Update shared on 13 Dec 2025
Fair value Decreased 0.85%Analysts have modestly increased their price target on RadNet, citing stronger long term growth and margin expansion prospects highlighted at the recent investor day and reflected in updated fair value estimates rising from about $91.71 to roughly $92.50 per share, alongside reaffirmed expectations for double digit revenue growth and mid teens EBITDA expansion.
Analyst Commentary
Bullish analysts highlight that the updated 2028 targets for double digit revenue growth and margin expansion underpin a durable mid teens EBITDA growth profile, which they view as supportive of further multiple expansion from current levels.
They also point to the recent investor day as evidence that RadNet's strategy is gaining traction, with increasingly integrated offerings and strong demand trends reinforcing confidence in both the top line and profitability trajectory.
At the same time, some market participants remain focused on execution risks around scaling these initiatives and the need to deliver against ambitious long term goals to justify the higher fair value estimates.
Bullish Takeaways
- Bullish analysts see the raised long term revenue growth outlook of roughly low teens as a key driver of upside to current valuation, assuming RadNet meets or exceeds its 2028 targets.

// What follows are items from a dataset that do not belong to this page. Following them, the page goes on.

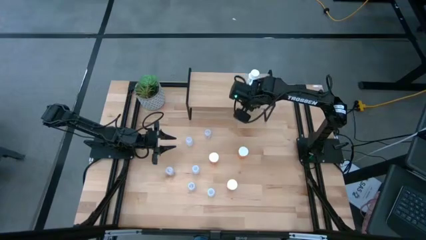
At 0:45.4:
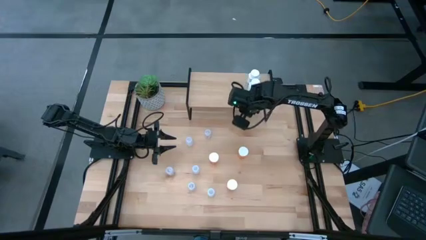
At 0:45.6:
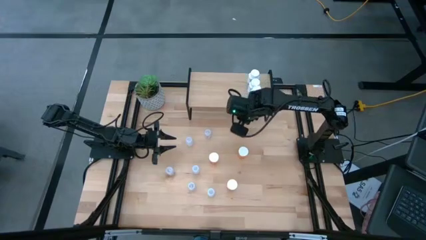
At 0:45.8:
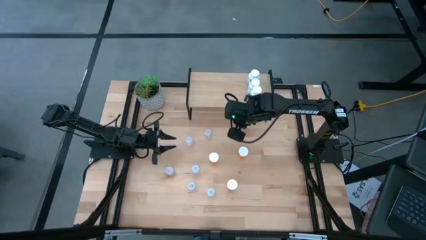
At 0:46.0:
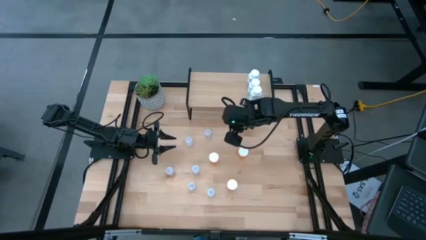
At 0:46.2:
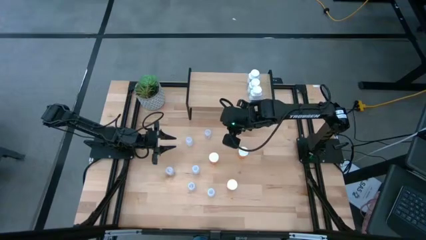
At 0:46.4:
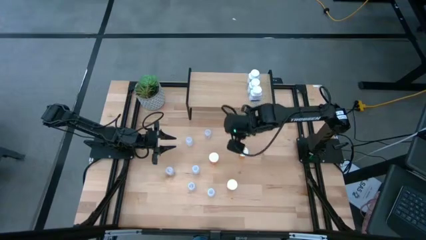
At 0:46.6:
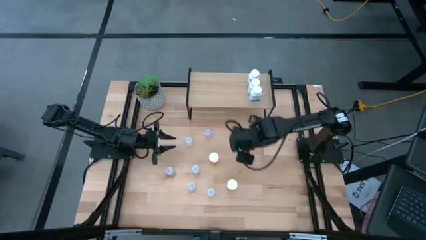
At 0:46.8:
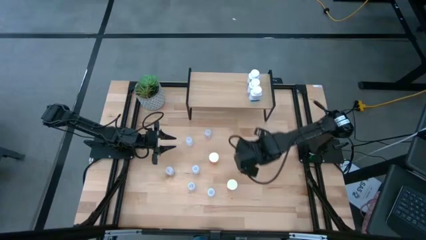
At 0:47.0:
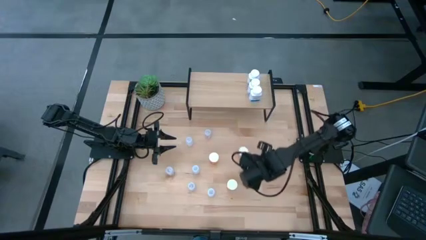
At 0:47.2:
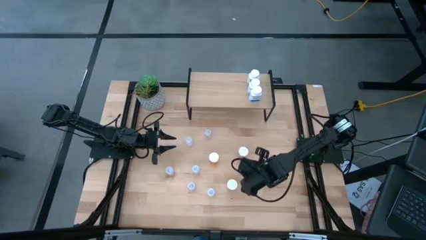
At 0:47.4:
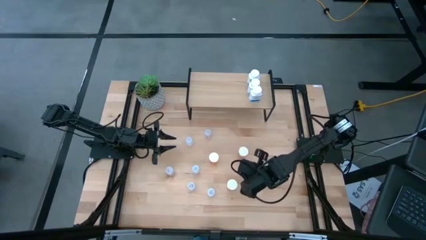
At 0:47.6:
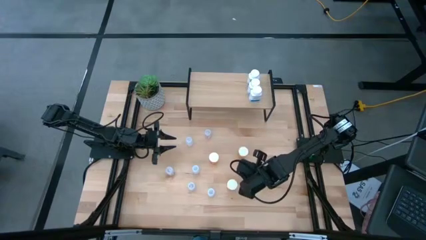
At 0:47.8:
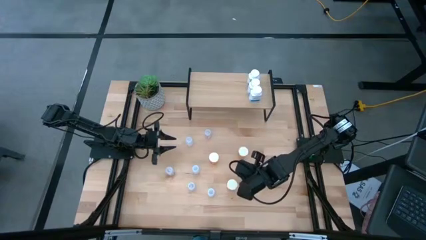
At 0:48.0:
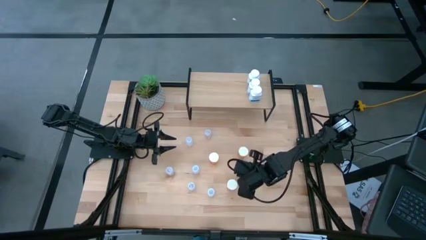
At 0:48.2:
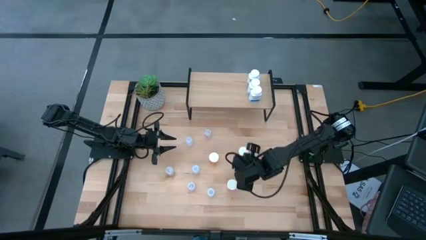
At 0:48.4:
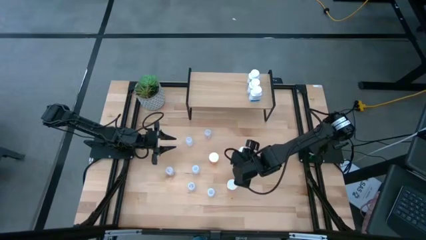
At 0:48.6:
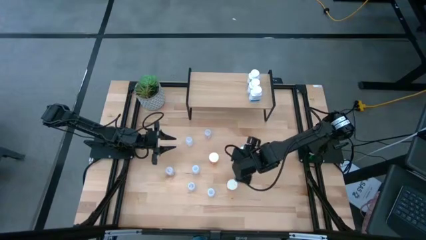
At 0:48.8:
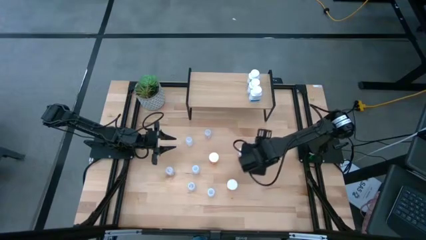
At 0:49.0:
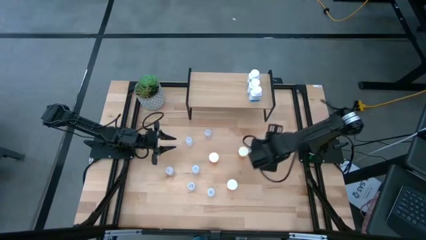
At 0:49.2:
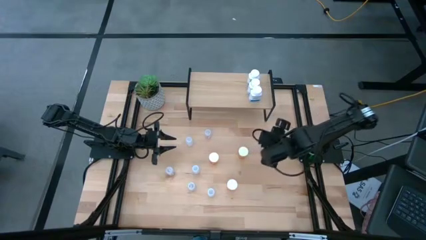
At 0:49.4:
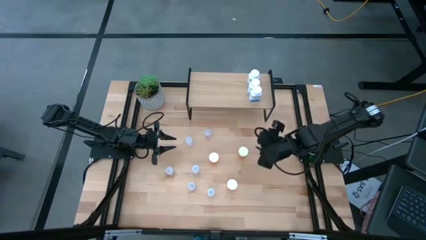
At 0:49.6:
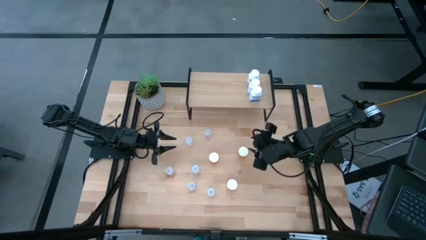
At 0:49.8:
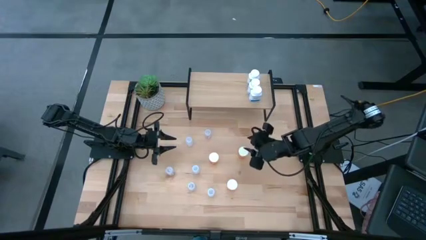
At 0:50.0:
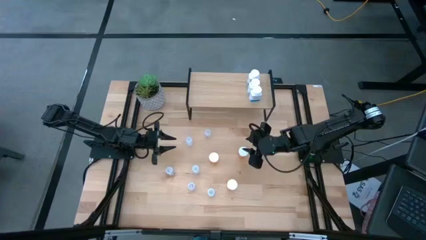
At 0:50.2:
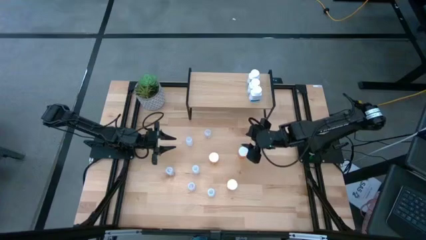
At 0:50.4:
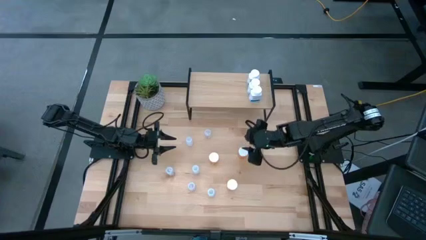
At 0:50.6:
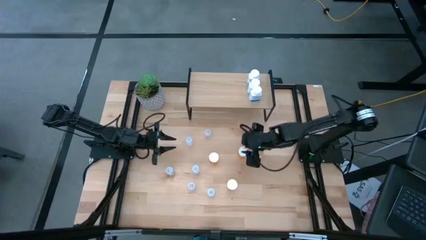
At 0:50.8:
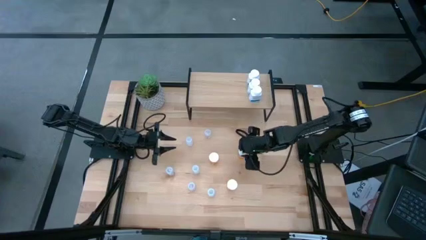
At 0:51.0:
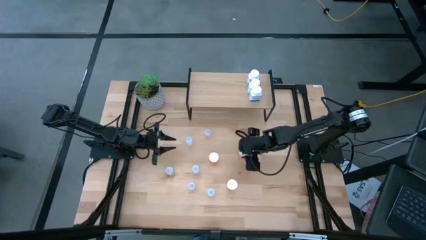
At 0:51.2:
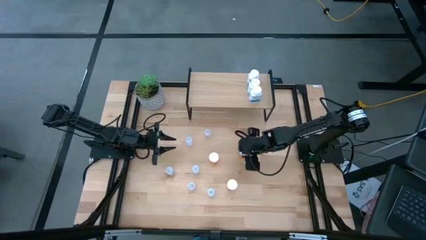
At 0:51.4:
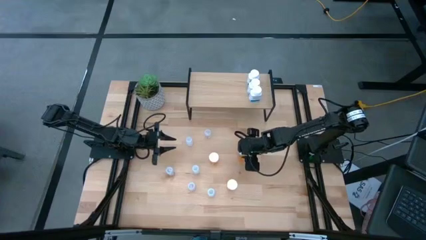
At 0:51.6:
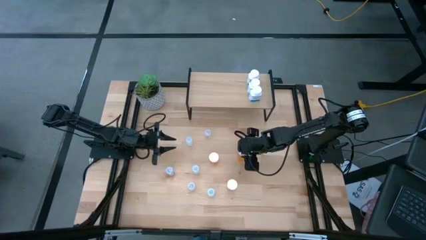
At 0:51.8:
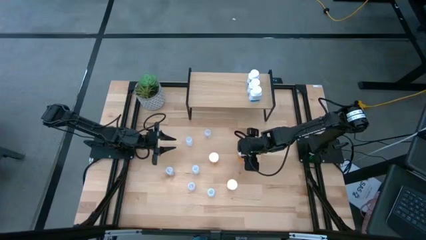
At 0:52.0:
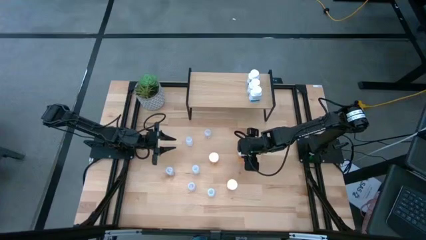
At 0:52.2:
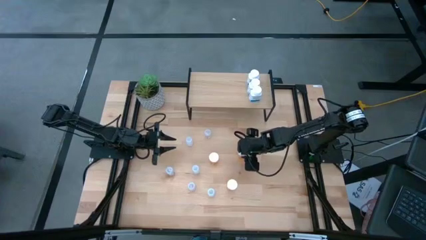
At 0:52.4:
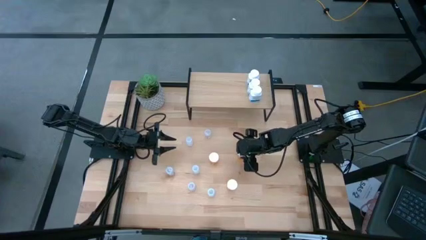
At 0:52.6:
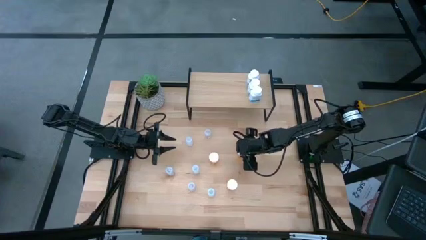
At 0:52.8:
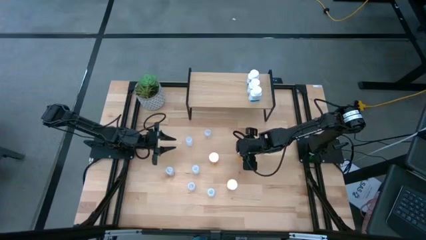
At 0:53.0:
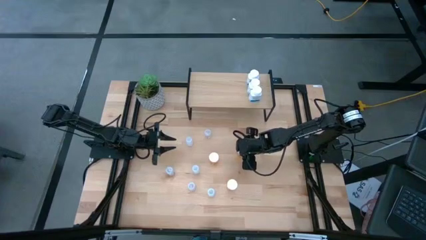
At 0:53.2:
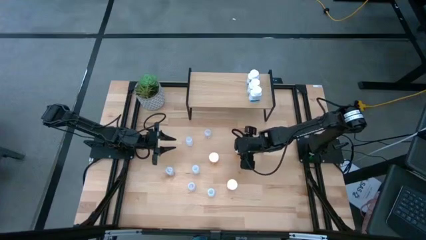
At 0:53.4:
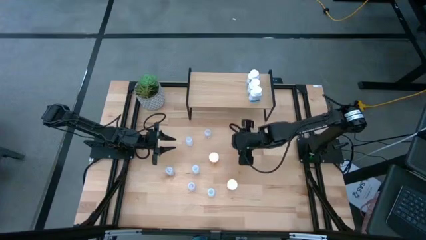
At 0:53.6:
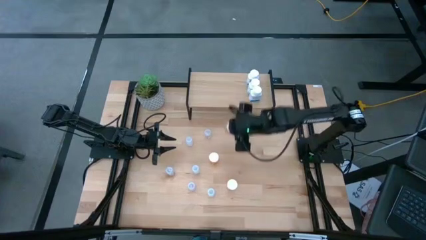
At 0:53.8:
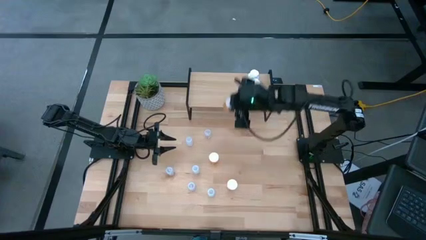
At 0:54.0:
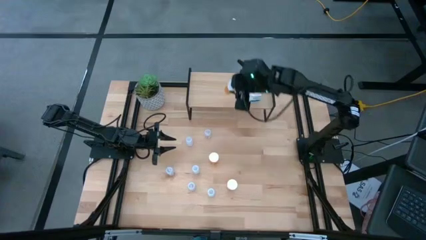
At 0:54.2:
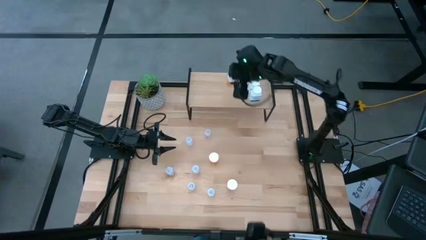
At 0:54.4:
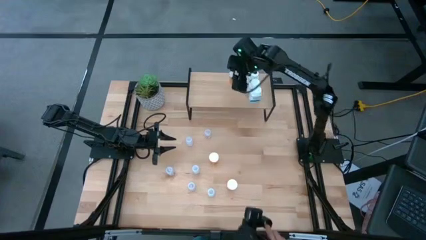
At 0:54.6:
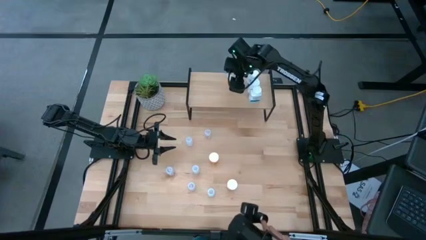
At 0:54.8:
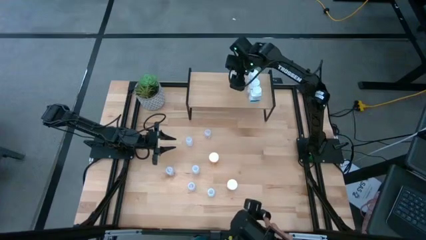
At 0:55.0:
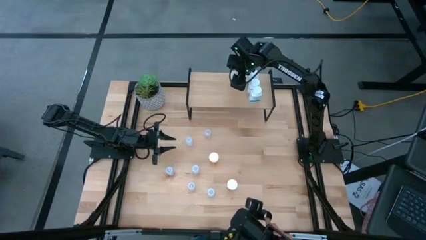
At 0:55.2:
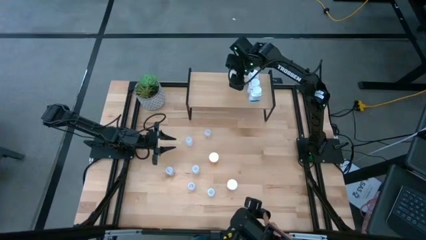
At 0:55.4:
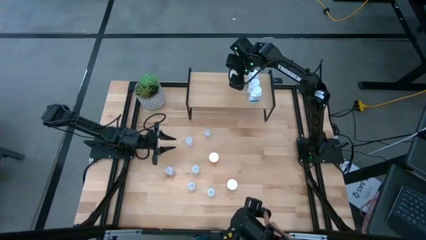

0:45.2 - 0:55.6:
Task: Pick and place medicine bottles onto shelf by color
Put the top right orange pill bottle on the shelf

- Expected 100 to 150 basis points of margin expansion is viewed as a catalyst for sustained mid teens EBITDA growth, supporting a premium multiple versus diagnostic imaging peers.
- The increasingly interconnected and integrated service offering is seen as strengthening RadNet's competitive moat, improving pricing power and contract wins over time.
- Stronger demand trends and favorable industry tailwinds, such as rising imaging utilization and AI enabled workflows, are cited as factors that could enable RadNet to outperform consensus expectations.
Bearish Takeaways
- Bearish analysts caution that the stock's recent appreciation, combined with higher price targets, leaves less room for error if execution on growth and integration initiatives falls short.
- There are concerns that delivering consistent double digit revenue growth and meaningful margin expansion may require elevated investment, potentially pressuring near term free cash flow.
- Some remain wary that macro or reimbursement headwinds could slow volume growth or offset planned margin gains, limiting the ability to sustain a premium valuation.
- Investors focused on risk note that achieving the outlined mid term financial goals will require effective integration of new technologies and services, leaving limited tolerance for operational missteps.
What's in the News
- RadNet and its DeepHealth subsidiary reported results from the large scale ASSURE study, showing that the AI supported Enhanced Breast Cancer Detection program improved cancer detection rates and delivered equitable performance across racial, ethnic and breast density groups, with a 22.7% boost in detection for women with dense breasts compared with standard 3D mammography (Key Developments, Nature Health).
- The company highlighted that the ASSURE study evaluated more than 557,000 mammograms across 109 community imaging sites in four states, including over 150,000 Black women, addressing a population that faces roughly 40% higher breast cancer mortality in the United States (Key Developments).
- RadNet raised its full year 2025 imaging center segment revenue guidance to a range of $1.90 billion to $1.93 billion, up from $1.85 billion to $1.90 billion, and increased digital health revenue guidance to $85 million to $95 million from $80 million to $90 million (Key Developments).
- The company recently hosted an Analyst and Investor Day, which provided updated long term growth targets and strategic priorities that are informing revised analyst models and valuation frameworks (Key Developments).
Valuation Changes
- Fair Value: risen slightly from approximately $91.71 to about $92.50 per share, reflecting a modest upward revision in long term assumptions.
- Discount Rate: effectively unchanged at about 6.956%, implying a stable risk assessment.
- Revenue Growth: essentially flat, with the long term annual growth assumption at roughly 10.56%.
- Net Profit Margin: stable at about 4.14%, indicating minimal change in profitability expectations.
- Future P/E: fallen slightly from roughly 89.43x to 88.67x, suggesting a modestly lower valuation multiple applied to forward earnings.